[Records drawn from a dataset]
-- Opening Marker --
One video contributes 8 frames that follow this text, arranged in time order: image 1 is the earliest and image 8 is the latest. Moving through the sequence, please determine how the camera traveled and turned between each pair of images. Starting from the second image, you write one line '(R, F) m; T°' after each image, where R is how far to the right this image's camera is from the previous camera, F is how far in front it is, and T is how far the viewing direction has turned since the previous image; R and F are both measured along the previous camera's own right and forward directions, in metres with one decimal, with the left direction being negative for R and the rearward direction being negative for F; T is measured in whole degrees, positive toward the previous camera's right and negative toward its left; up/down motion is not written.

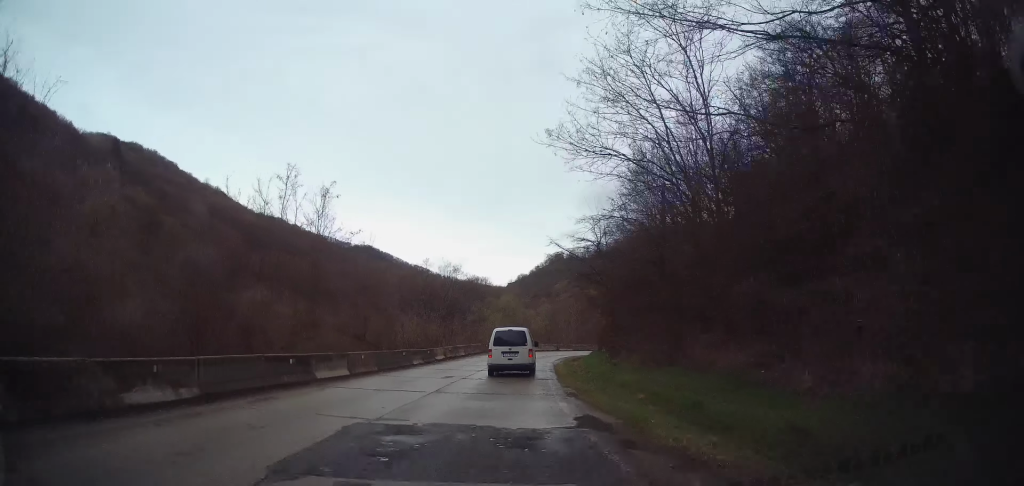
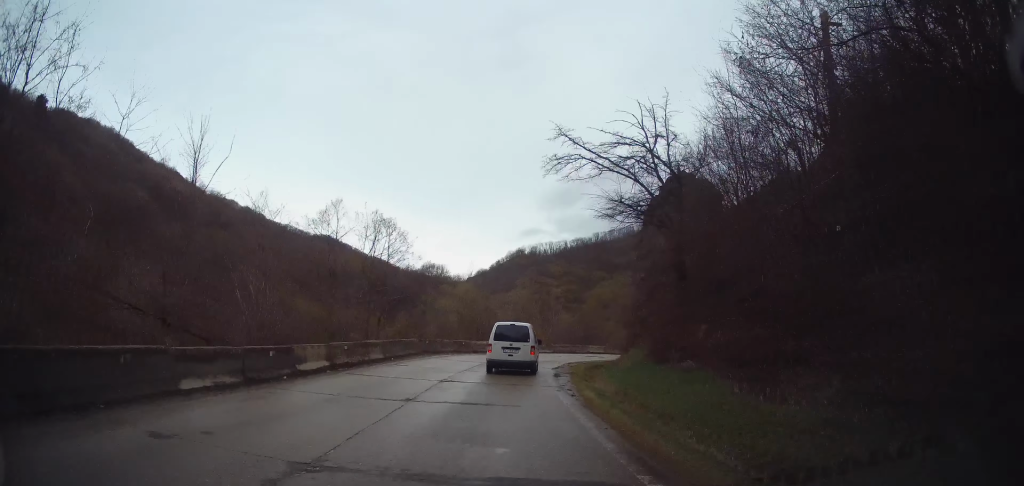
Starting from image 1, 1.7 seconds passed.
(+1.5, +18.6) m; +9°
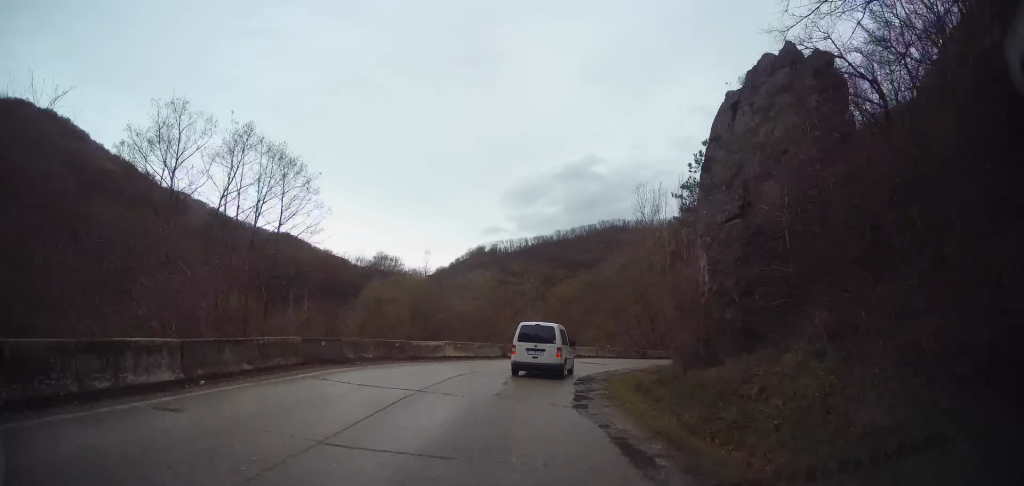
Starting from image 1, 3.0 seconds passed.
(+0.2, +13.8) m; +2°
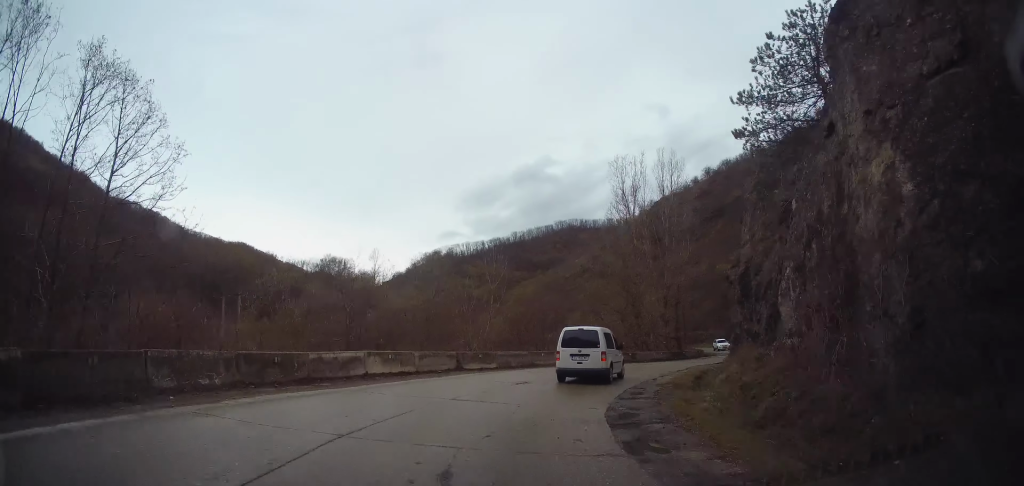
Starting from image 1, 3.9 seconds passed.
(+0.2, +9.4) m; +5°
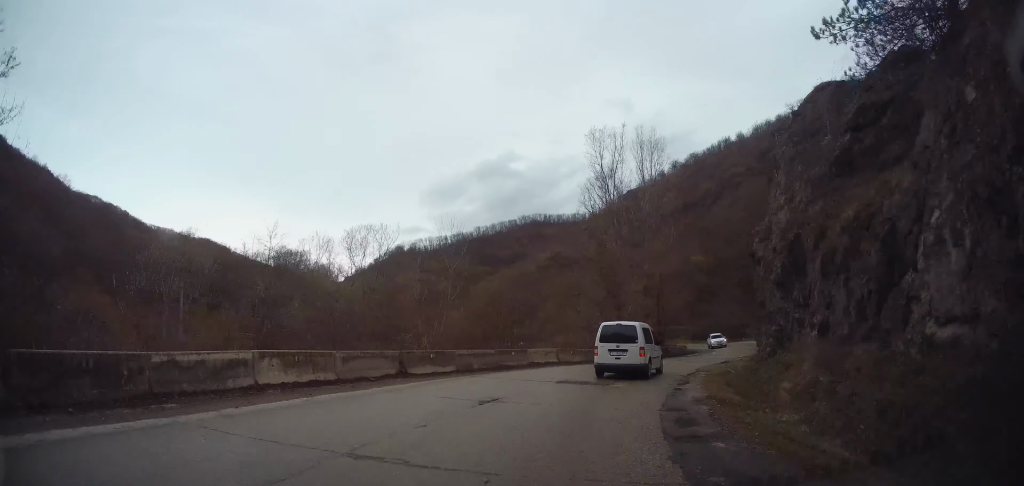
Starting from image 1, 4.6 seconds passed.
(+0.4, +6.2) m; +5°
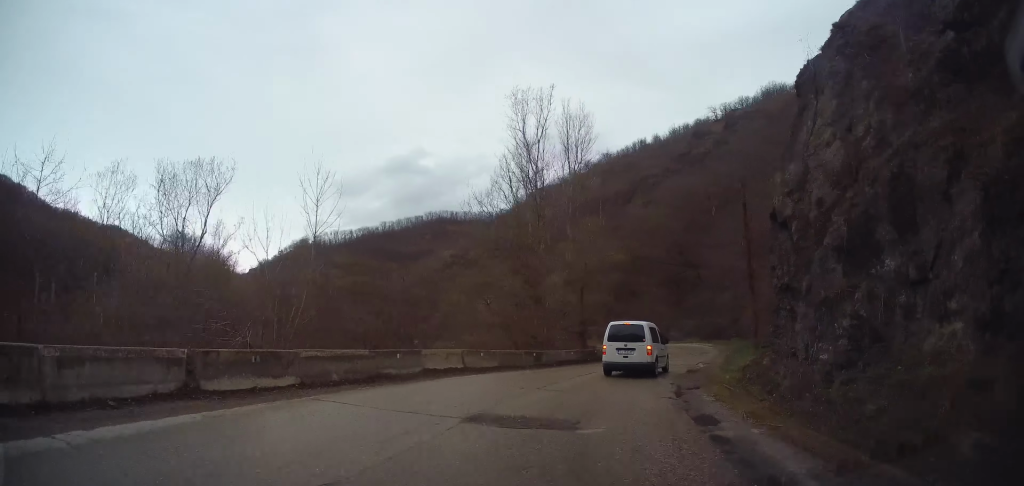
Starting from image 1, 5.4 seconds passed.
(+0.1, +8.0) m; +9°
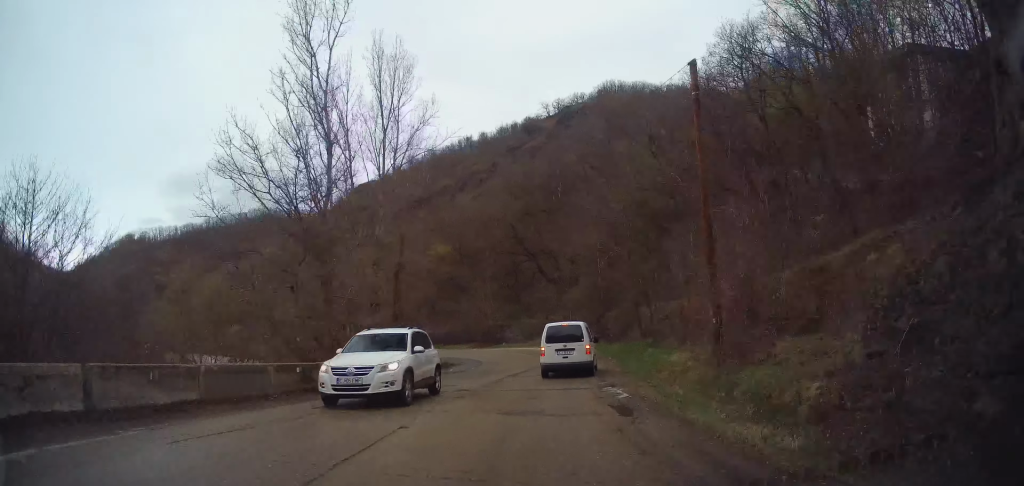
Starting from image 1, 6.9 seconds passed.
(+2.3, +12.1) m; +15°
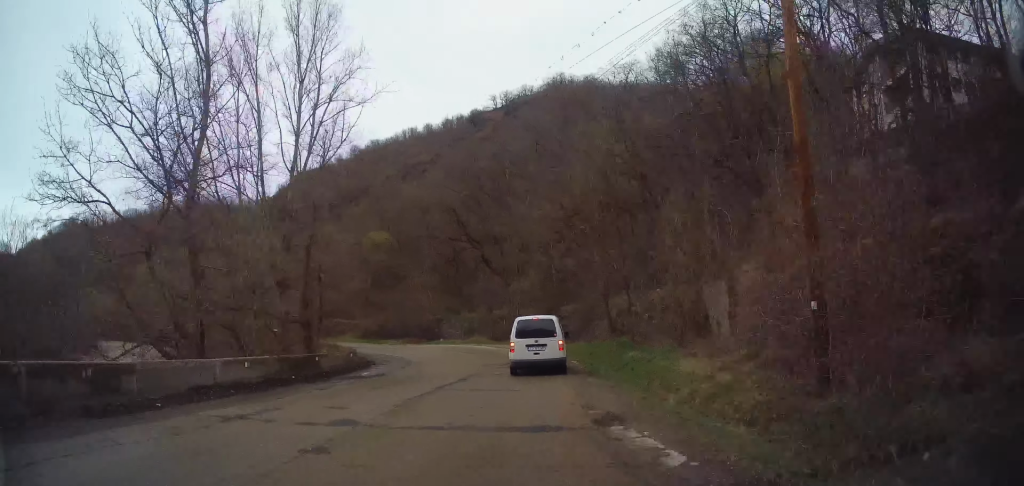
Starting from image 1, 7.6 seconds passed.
-- Closing Marker --
Aim of the task:
Your answer must contain the full data, repeated exactly, without pictures.

Output for this task:
One video contributes 8 frames that follow this text, arranged in time order: image 1 is the earliest and image 8 is the latest. Moving through the sequence, please determine how the camera traveled and turned between each pair of images. Starting from the second image, you write one line '(R, F) m; T°' after each image, where R is how far to the right this image's camera is from the previous camera, F is how far in front it is, and T is how far the viewing direction has turned since the previous image; R and F are both measured along the previous camera's own right and forward directions, in metres with one decimal, with the left direction being negative for R and the rearward direction being negative for F; T is measured in whole degrees, positive toward the previous camera's right and negative toward its left; up/down motion is not written.

Starting from image 1, 1.7 seconds passed.
(+1.5, +18.6) m; +9°
Starting from image 1, 3.0 seconds passed.
(+0.2, +13.8) m; +2°
Starting from image 1, 3.9 seconds passed.
(+0.2, +9.4) m; +5°
Starting from image 1, 4.6 seconds passed.
(+0.4, +6.2) m; +5°
Starting from image 1, 5.4 seconds passed.
(+0.1, +8.0) m; +9°
Starting from image 1, 6.9 seconds passed.
(+2.3, +12.1) m; +15°
Starting from image 1, 7.6 seconds passed.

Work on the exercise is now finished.